Speechless (ABC)

There aren’t many shows on air that feature actual disabled actors in credible and good roles but the landscape is quickly changing. When Breaking Bad cast RJ Mitte as Walter White’s son they proved that a character with cerebral palsy could be effectively portrayed by a person with the condition. The brilliance of the role and the importance of the implication wasn’t lost on the actor who now advocates for the cause. In came ABC with Speechless, a beautiful response to the call.

Written as a family sitcom, the show focuses on the life of a special needs kid. His parents and siblings bend over backwards to improve his quality of life making sacrifices along the way that set and alter the overall power dynamic. Realizing  JJ is fully functioning mentally but unable to move physically due to the severety of his cerebral palsy is a treat because this teenager’s lines and interactions convince you that he is living a happy go lucky existence. You learn to appreciate his humor and charm, especially when delivered through the antics of his communication aid and once school janitor Kenneth (Cedric Yarbrough).
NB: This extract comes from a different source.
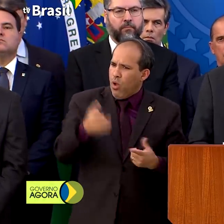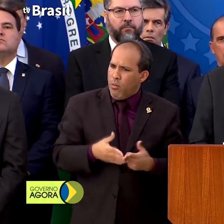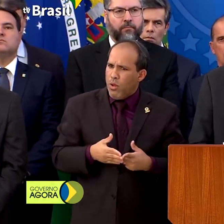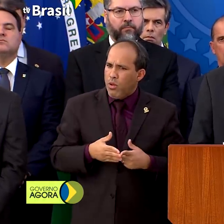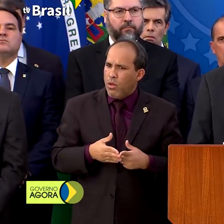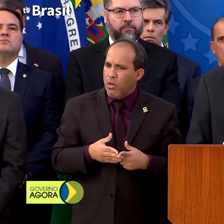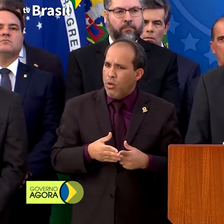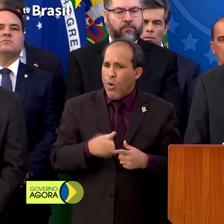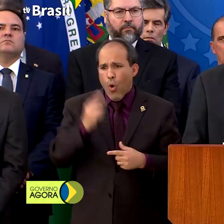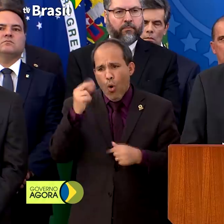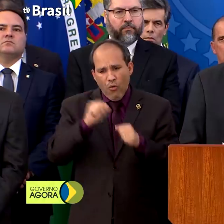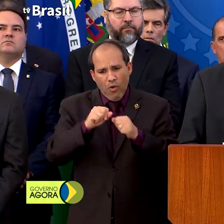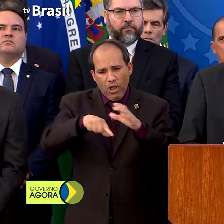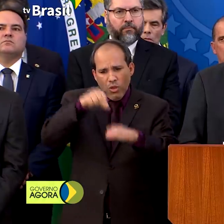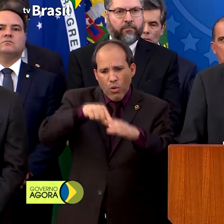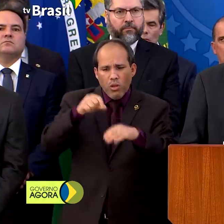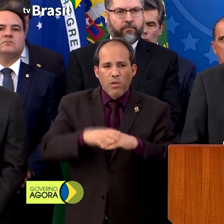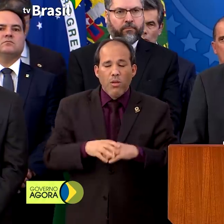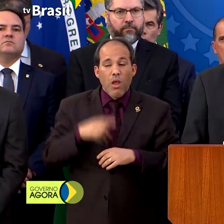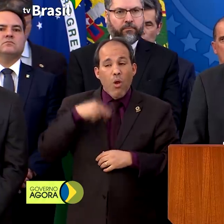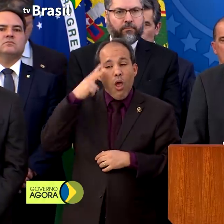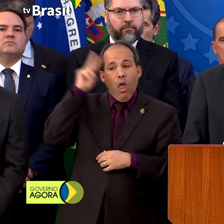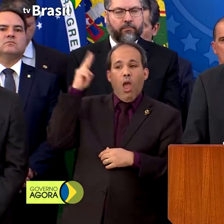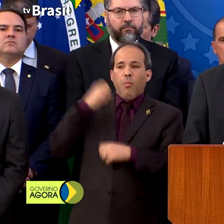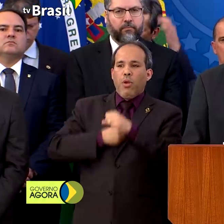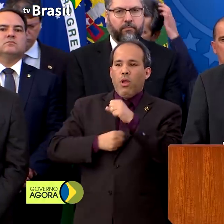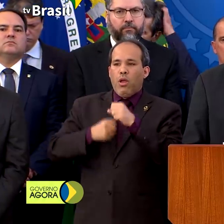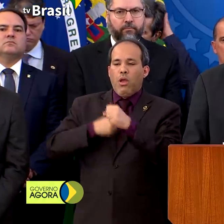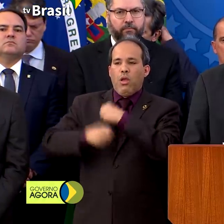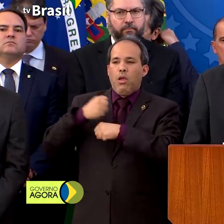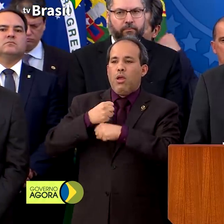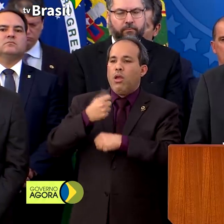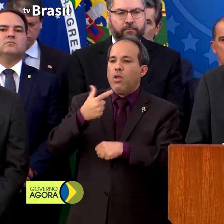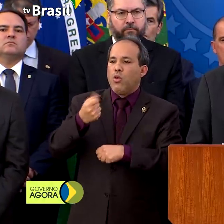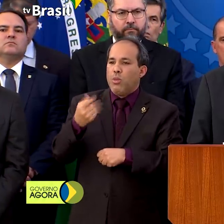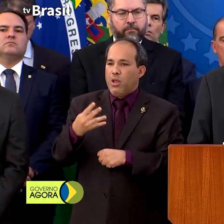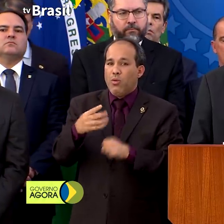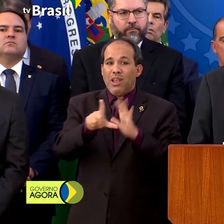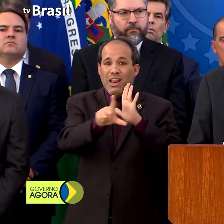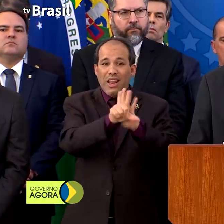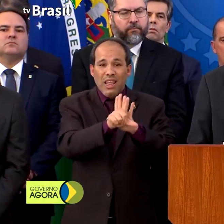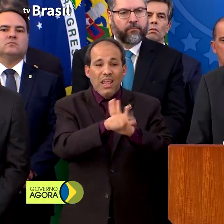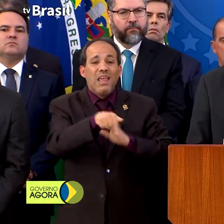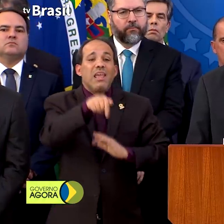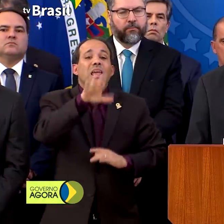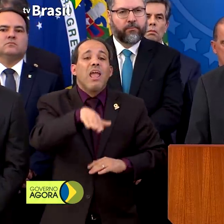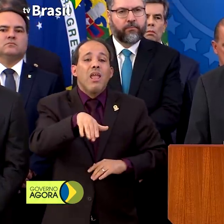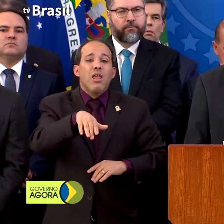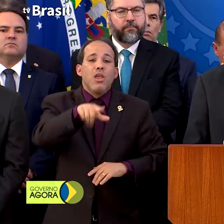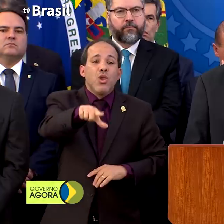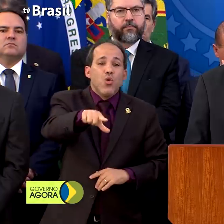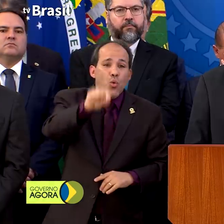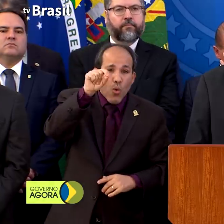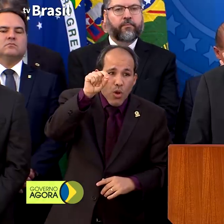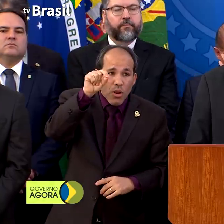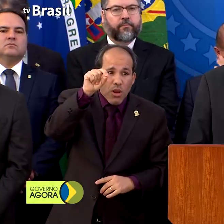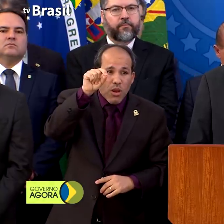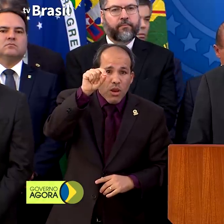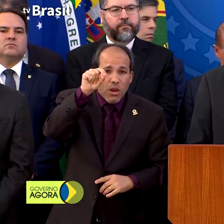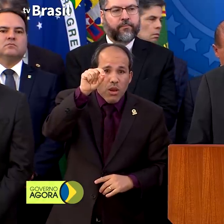E eu lembrei da lei de 2014, que a indicação é minha, é prerrogativa minha.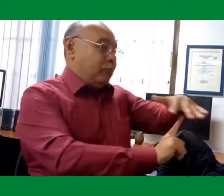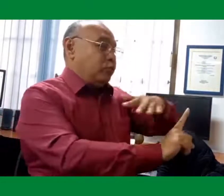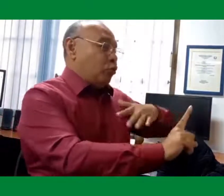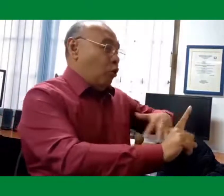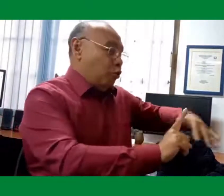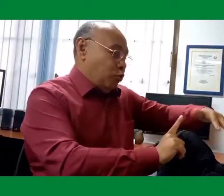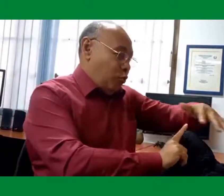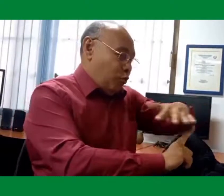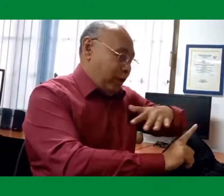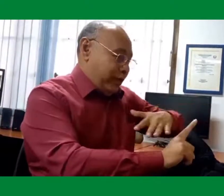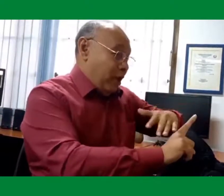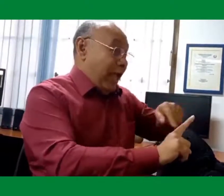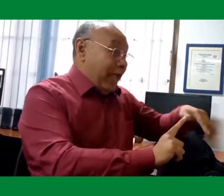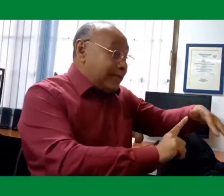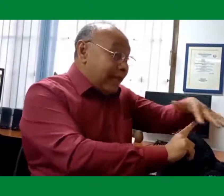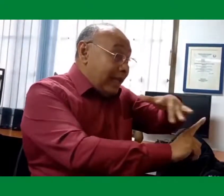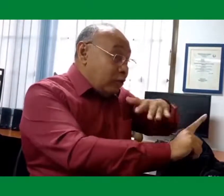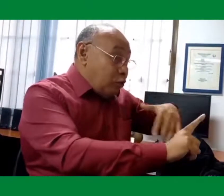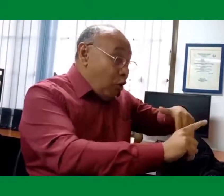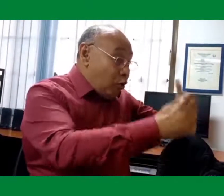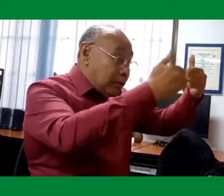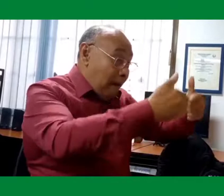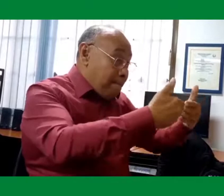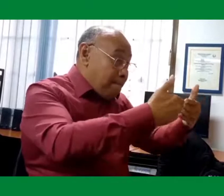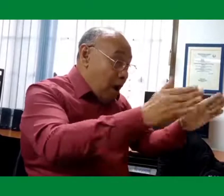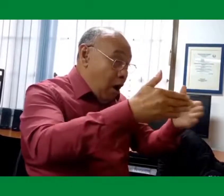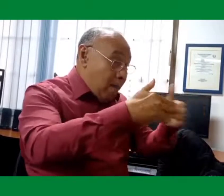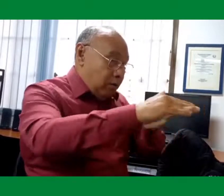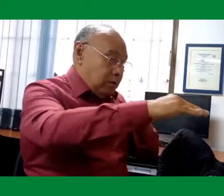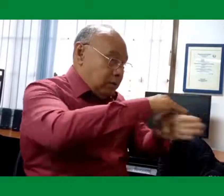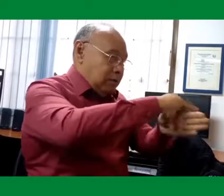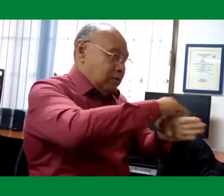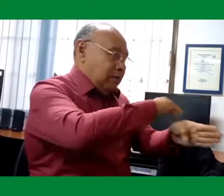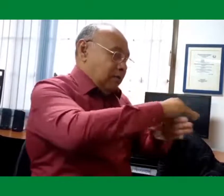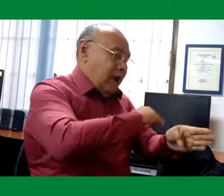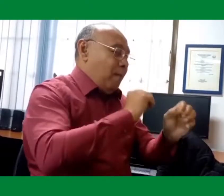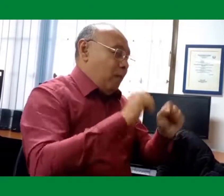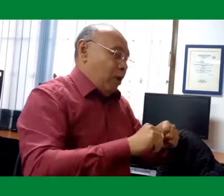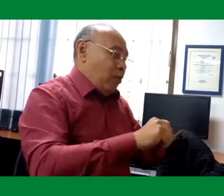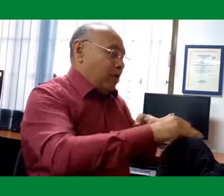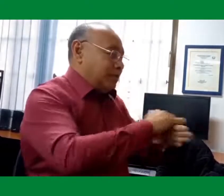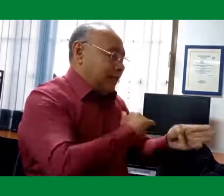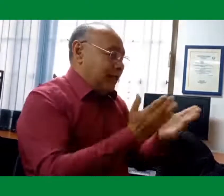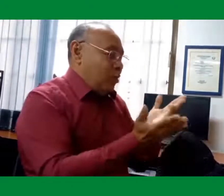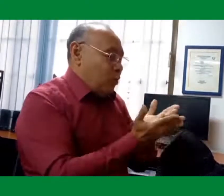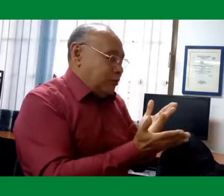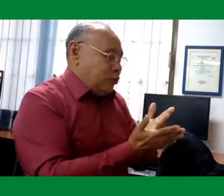La discapacidad surge a razón de las barreras del entorno. Sin estas barreras

Younger brother Ray and sister Dylan have to pull their weight and help JJ through his adolescences while dealing with their own high school issues. Their mother Maya, played by Mini Driver, isn’t making things any easier with her over the top, force to be reckoned with attitude. She has to be fierce since as a mother of three, one with special needs, she has to go above and beyond to make life as normal and fair as possible for all which can be a challenged due to her son’s handicap. In contrast, Jimmy (the dad) is the laid back partner in crime that balances the crazy to hotness ratio of his wife and provides insight into the life of special needs dads and to the hardship of providing for his unconventional family.

What struck me the most about the series is that the DiMeo’s decided to have more children after having a child with a disability this restrictive and care intensive. It never dawnes on me that there are many families put there that decided to make the best of it and ran with what they were handed, building beautiful chaotic lives for their children despite the economic and emotional strain of their situation. Their journey, although scripted, is inspiring as they are truly living the American Dream albeit it with great difficulties.

Speechless is one of the best comedies on the air. Take a look at Season One and tell me what you think! It redefines the term #thestruggleisreal in a funny way. Watch live Wednesdays on ABC.